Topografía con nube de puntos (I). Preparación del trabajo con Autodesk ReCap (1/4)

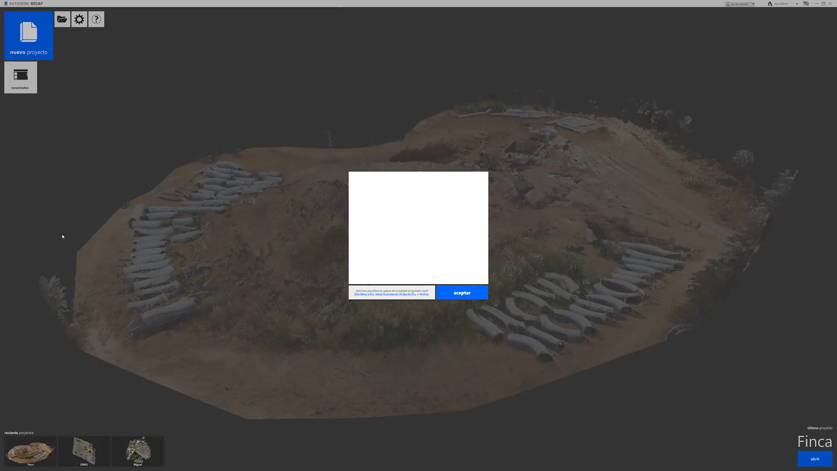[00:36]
Arrancamos el programa Autodesk Recap y creamos un nuevo proyecto, el cual va a ser generado importando la nube de puntos LIDAR LAS que tenemos.
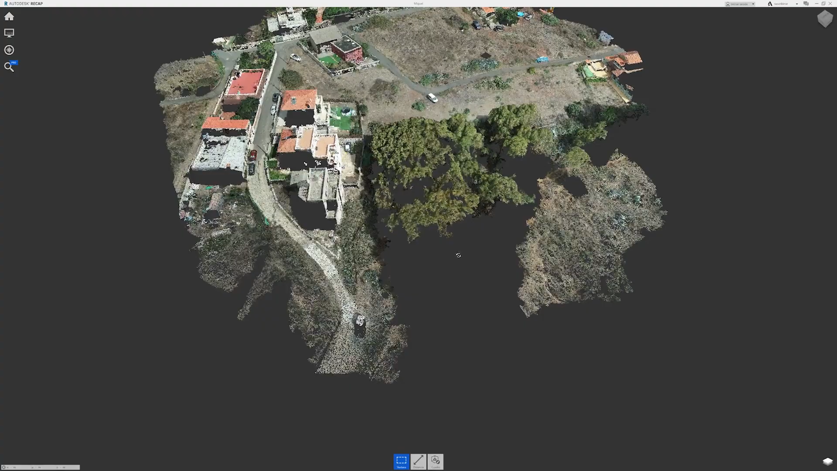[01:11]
Y aquí vemos nuestro trabajo con la parcela tomada y podemos movernos con el botón derecho del ratón para cambiar la perspectiva y el botón central para hacer desplazamiento por el dibujo.
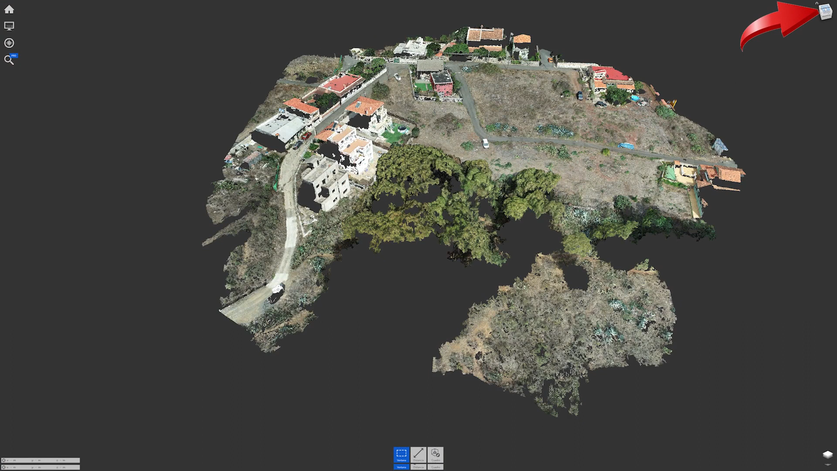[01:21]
También podemos usar el cubo de orientación para cambiar la perspectiva. Lo primero que hay que hacer es grabar el archivo en crudo, o sea, el que hay en nuestro fichero LAS que hemos tomado, ya que siempre podremos volver a él, si es necesario, para hacer alguna comprobación en un futuro.
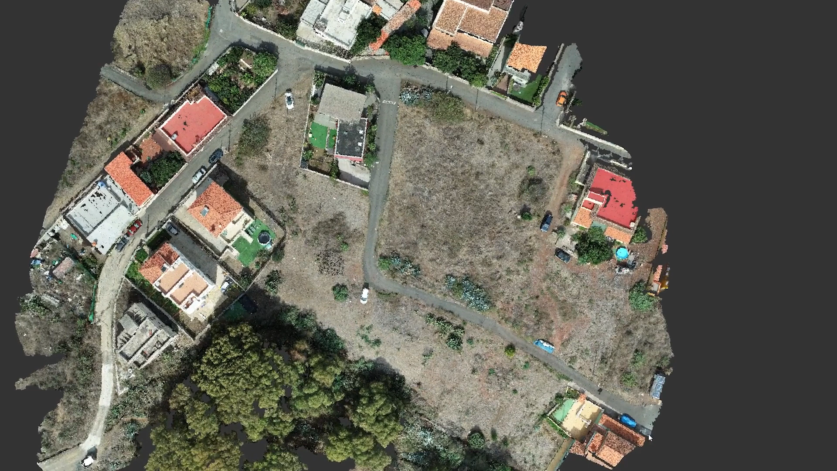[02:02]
debes pulsar la tecla ENTER, con lo que se marcarán los puntos interiores a ese cercado con un color blanco indicando que están seleccionados. Y una vez terminada,
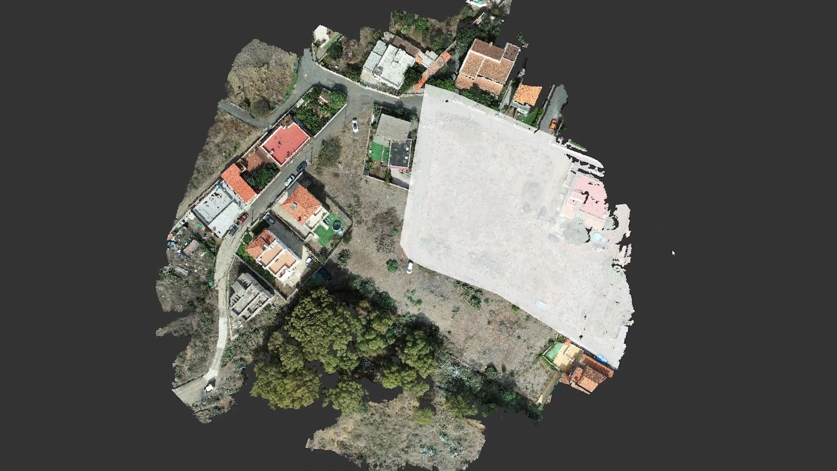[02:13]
deberemos usar la orden delimitación seleccionando la que elimina lo que queda fuera del contorno dibujado.
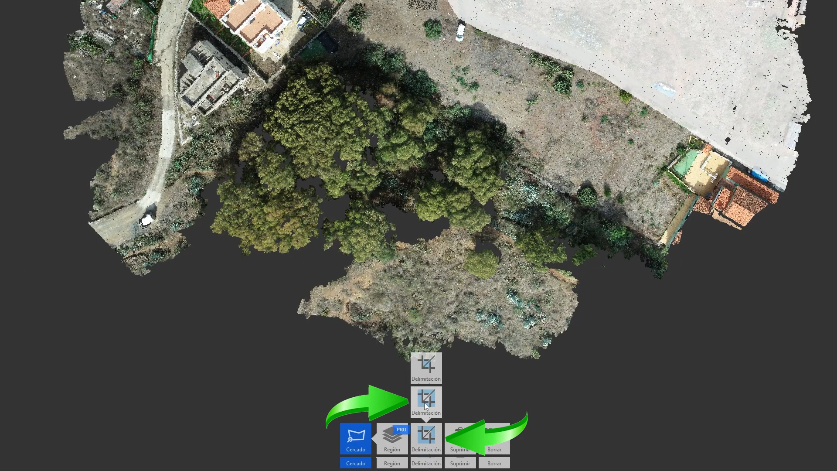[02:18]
Y así vemos solo la parcela de la que deseamos hacer el levantamiento topográfico, en la que observamos que hay mucha vegetación baja, arbustos, que seguro nos van a dar trabajo cuando hagamos nuestro curvado y que veremos cómo se soluciona más adelante.
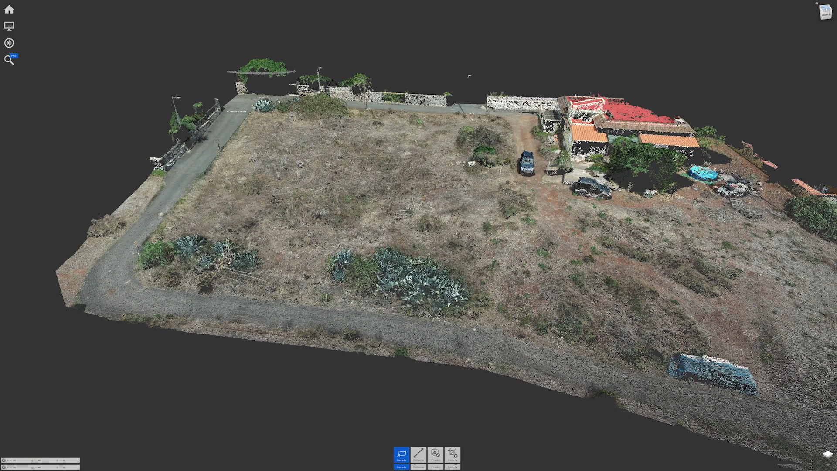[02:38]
Ahora procederemos a borrar aquellos elementos de la nube de puntos que sobresalgan del terreno y que desvirtúen el levantamiento topográfico final como coches,
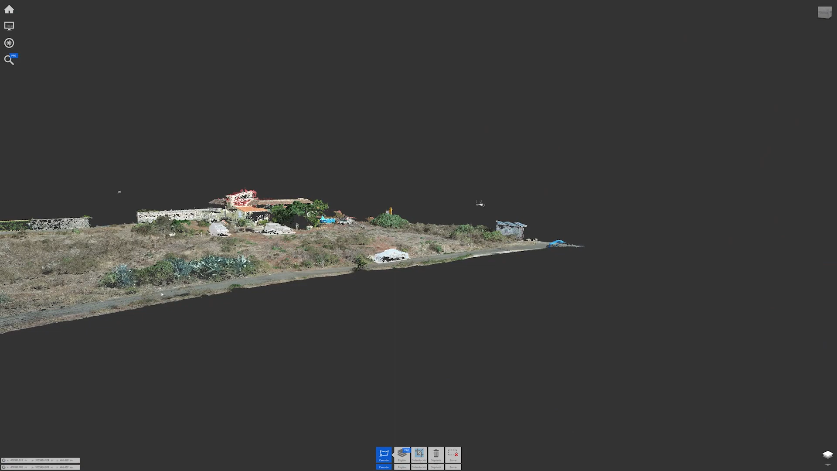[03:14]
También borramos aquellos elementos que en altura nos pueden dar problemas.
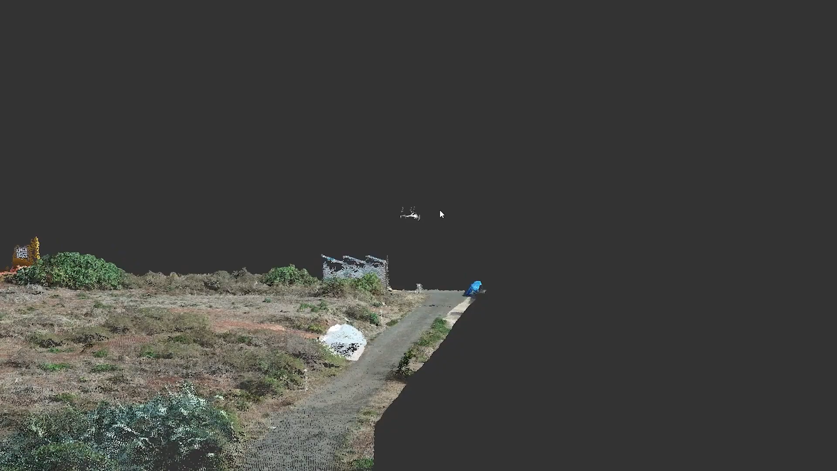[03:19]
En nuestro caso no es necesario porque están fuera de la parcela a medir,
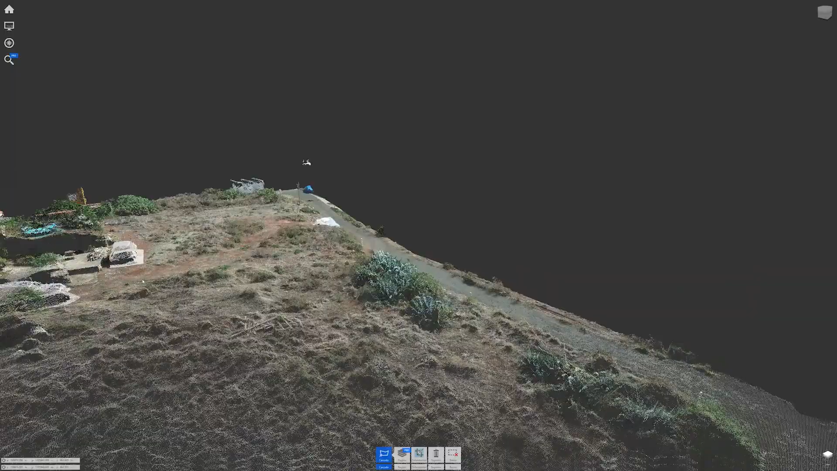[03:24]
y además posteriormente vamos a usar planos para recortar en altura,
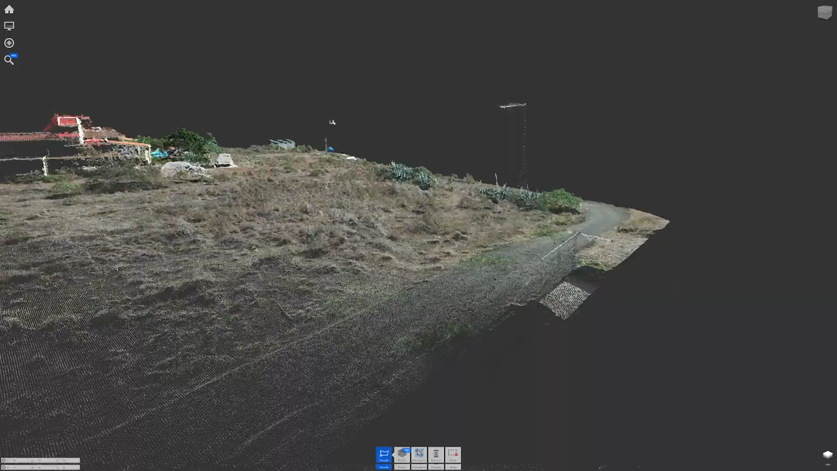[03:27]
pero para la demo muestro cómo se haría con un par de farolas.
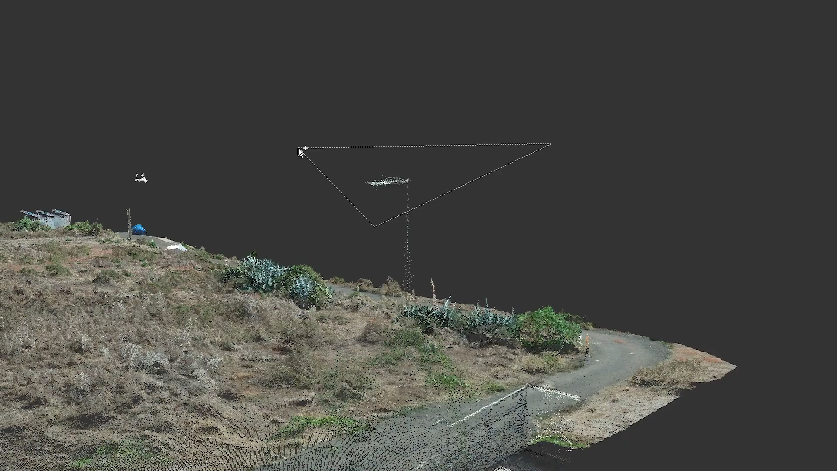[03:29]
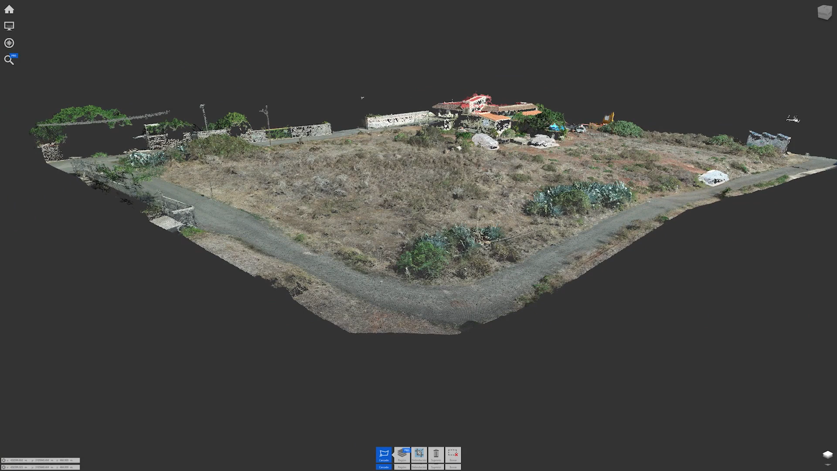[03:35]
No es necesario ir haciendo selecciones en grupo. Puedes borrar los puntos conforme vas terminando el cercado con la tecla SUPRIMIR.
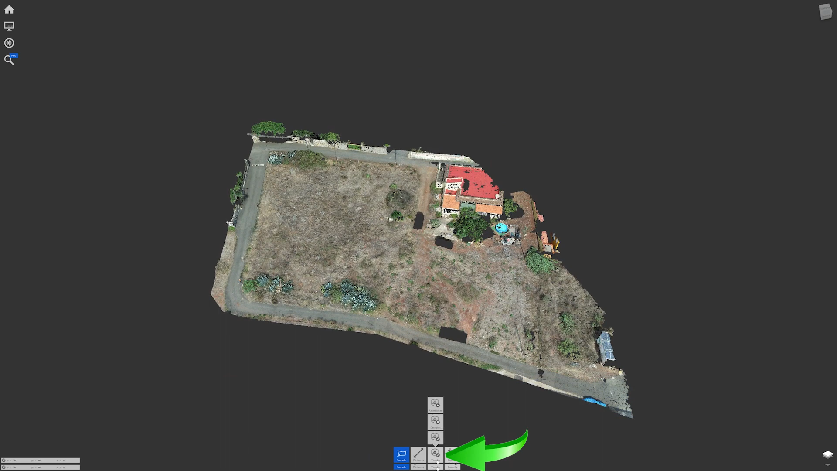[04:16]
Para lo cual usamos la orden CUADRO, en la que al pulsar en designar, si el ratón está fuera de la nube de puntos que vemos, el paralelepípedo rectangular de selección de una zona cubrirá todo el trabajo. Ahora, conforme vamos moviendo el ratón,
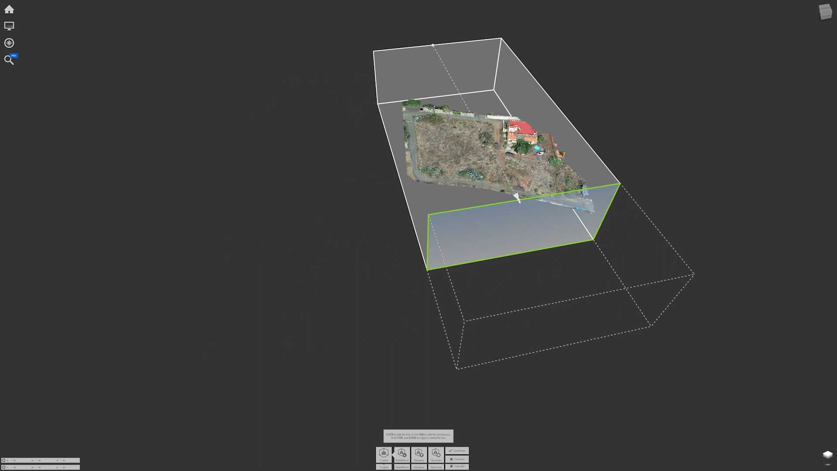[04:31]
se va activando una u otra cara del paralelepípedo rectangular y apareciéndonos una flecha indicativa de la dirección que tomará esa cara, si dejas pulsado el botón izquierdo del ratón y mueves el cursor.
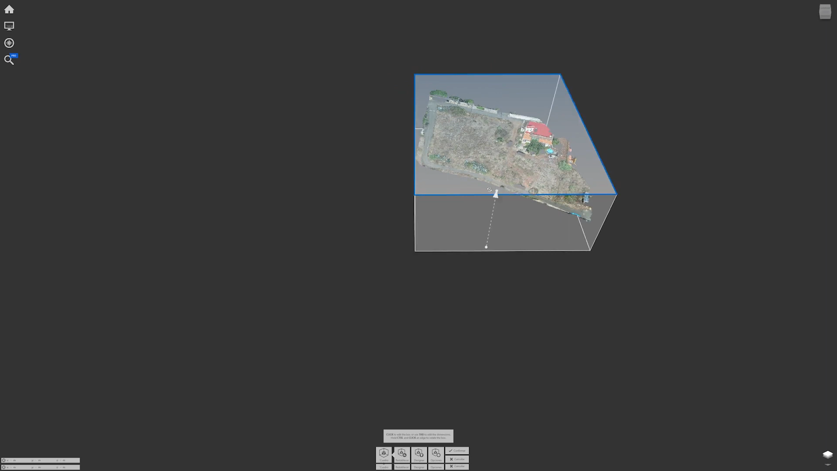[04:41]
Con este sistema es bastante sencillo elegir la zona de trabajo, usando las teclas de zoom, perspectiva y visualización.
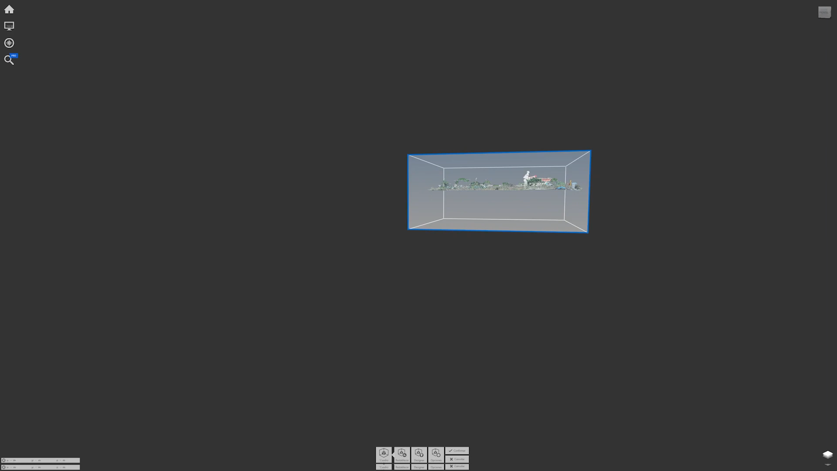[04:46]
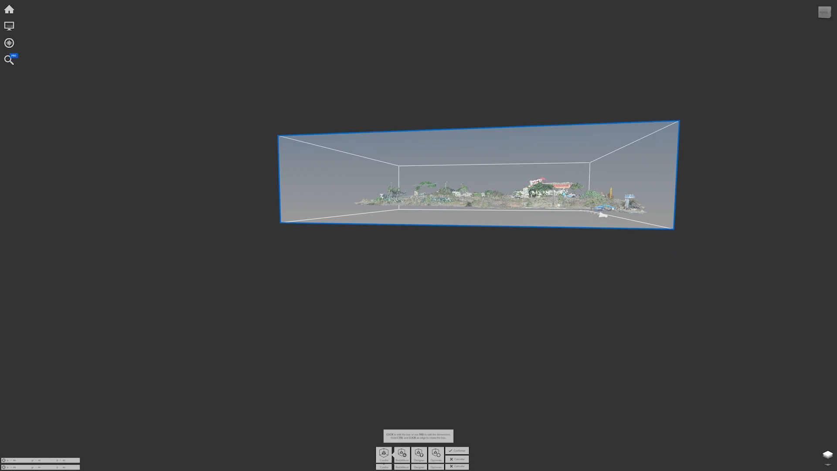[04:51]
Si pulsamos la tecla SHIFT mayúsculas,
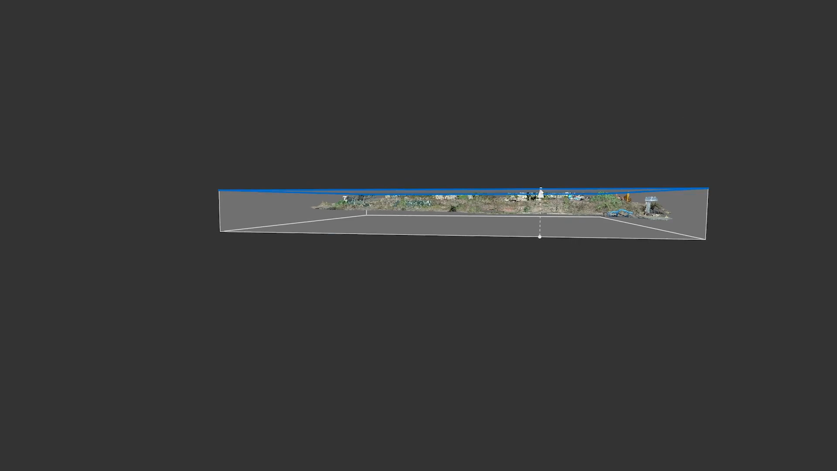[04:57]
veremos que la cara elegida será la más cercana a la activa y así podemos cambiar de cara fácilmente, cuando no nos deje hacerlo solo con pasar el ratón.
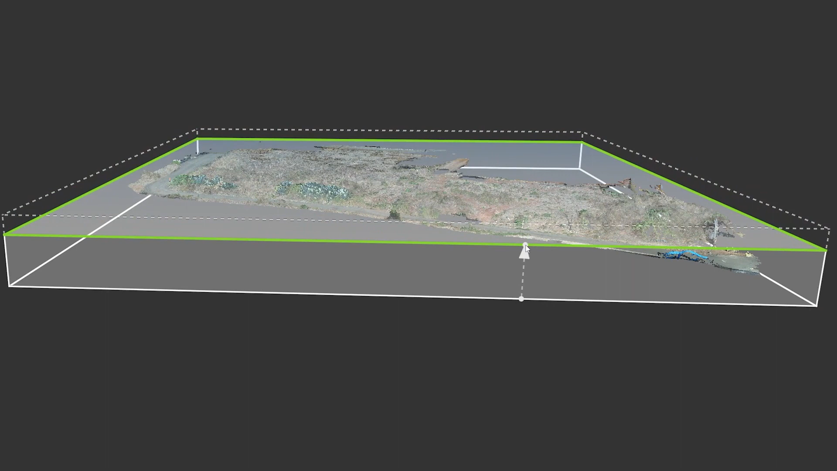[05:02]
Y una mención importante merece la tecla CONTROL,
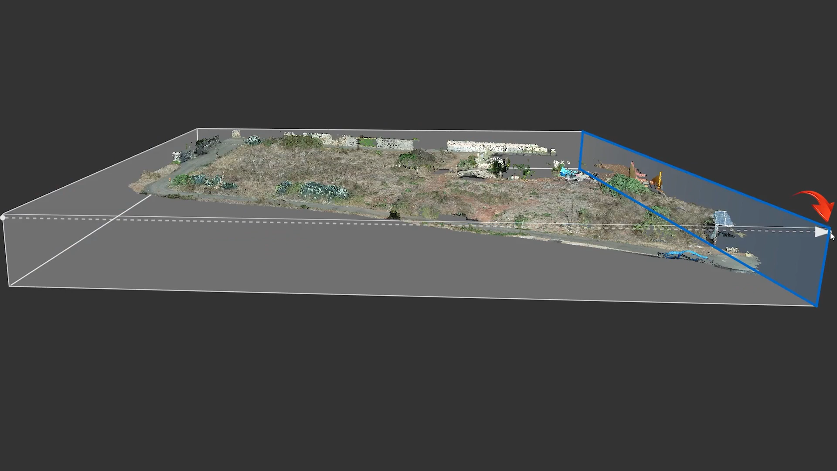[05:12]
ya que cuando lleguemos a una zona en la que no basta con mover las caras de arriba a abajo, sino que vemos que necesitamos inclinar el paralelepípedo rectangular porque el terreno está en pendiente, usar la tecla CONTROL es la solución,
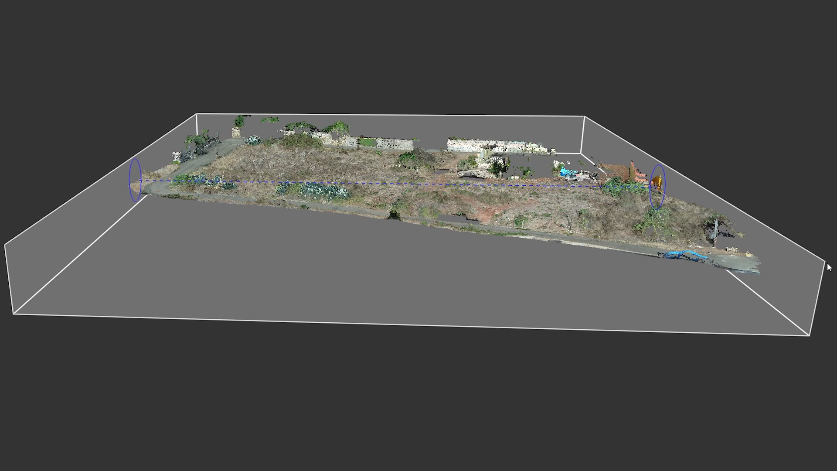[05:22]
ya que si dejamos pulsada la tecla CONTROL sobre el vértice de una cara y también dejamos pinchado el botón izquierdo del ratón,

-- Exercise brief --
Only the text of the entries above, transcribed exactly, should be given; leave out pictures.

-- Solution to the exercise --
Topografía con nube de puntos (I). Preparación del trabajo con Autodesk ReCap (1/4)

[00:36]
Arrancamos el programa Autodesk Recap y creamos un nuevo proyecto, el cual va a ser generado importando la nube de puntos LIDAR LAS que tenemos.
[01:11]
Y aquí vemos nuestro trabajo con la parcela tomada y podemos movernos con el botón derecho del ratón para cambiar la perspectiva y el botón central para hacer desplazamiento por el dibujo.
[01:21]
También podemos usar el cubo de orientación para cambiar la perspectiva. Lo primero que hay que hacer es grabar el archivo en crudo, o sea, el que hay en nuestro fichero LAS que hemos tomado, ya que siempre podremos volver a él, si es necesario, para hacer alguna comprobación en un futuro.
[02:02]
debes pulsar la tecla ENTER, con lo que se marcarán los puntos interiores a ese cercado con un color blanco indicando que están seleccionados. Y una vez terminada,
[02:13]
deberemos usar la orden delimitación seleccionando la que elimina lo que queda fuera del contorno dibujado.
[02:18]
Y así vemos solo la parcela de la que deseamos hacer el levantamiento topográfico, en la que observamos que hay mucha vegetación baja, arbustos, que seguro nos van a dar trabajo cuando hagamos nuestro curvado y que veremos cómo se soluciona más adelante.
[02:38]
Ahora procederemos a borrar aquellos elementos de la nube de puntos que sobresalgan del terreno y que desvirtúen el levantamiento topográfico final como coches,
[03:14]
También borramos aquellos elementos que en altura nos pueden dar problemas.
[03:19]
En nuestro caso no es necesario porque están fuera de la parcela a medir,
[03:24]
y además posteriormente vamos a usar planos para recortar en altura,
[03:27]
pero para la demo muestro cómo se haría con un par de farolas.
[03:29]
[03:35]
No es necesario ir haciendo selecciones en grupo. Puedes borrar los puntos conforme vas terminando el cercado con la tecla SUPRIMIR.
[04:16]
Para lo cual usamos la orden CUADRO, en la que al pulsar en designar, si el ratón está fuera de la nube de puntos que vemos, el paralelepípedo rectangular de selección de una zona cubrirá todo el trabajo. Ahora, conforme vamos moviendo el ratón,
[04:31]
se va activando una u otra cara del paralelepípedo rectangular y apareciéndonos una flecha indicativa de la dirección que tomará esa cara, si dejas pulsado el botón izquierdo del ratón y mueves el cursor.
[04:41]
Con este sistema es bastante sencillo elegir la zona de trabajo, usando las teclas de zoom, perspectiva y visualización.
[04:46]
[04:51]
Si pulsamos la tecla SHIFT mayúsculas,
[04:57]
veremos que la cara elegida será la más cercana a la activa y así podemos cambiar de cara fácilmente, cuando no nos deje hacerlo solo con pasar el ratón.
[05:02]
Y una mención importante merece la tecla CONTROL,
[05:12]
ya que cuando lleguemos a una zona en la que no basta con mover las caras de arriba a abajo, sino que vemos que necesitamos inclinar el paralelepípedo rectangular porque el terreno está en pendiente, usar la tecla CONTROL es la solución,
[05:22]
ya que si dejamos pulsada la tecla CONTROL sobre el vértice de una cara y también dejamos pinchado el botón izquierdo del ratón,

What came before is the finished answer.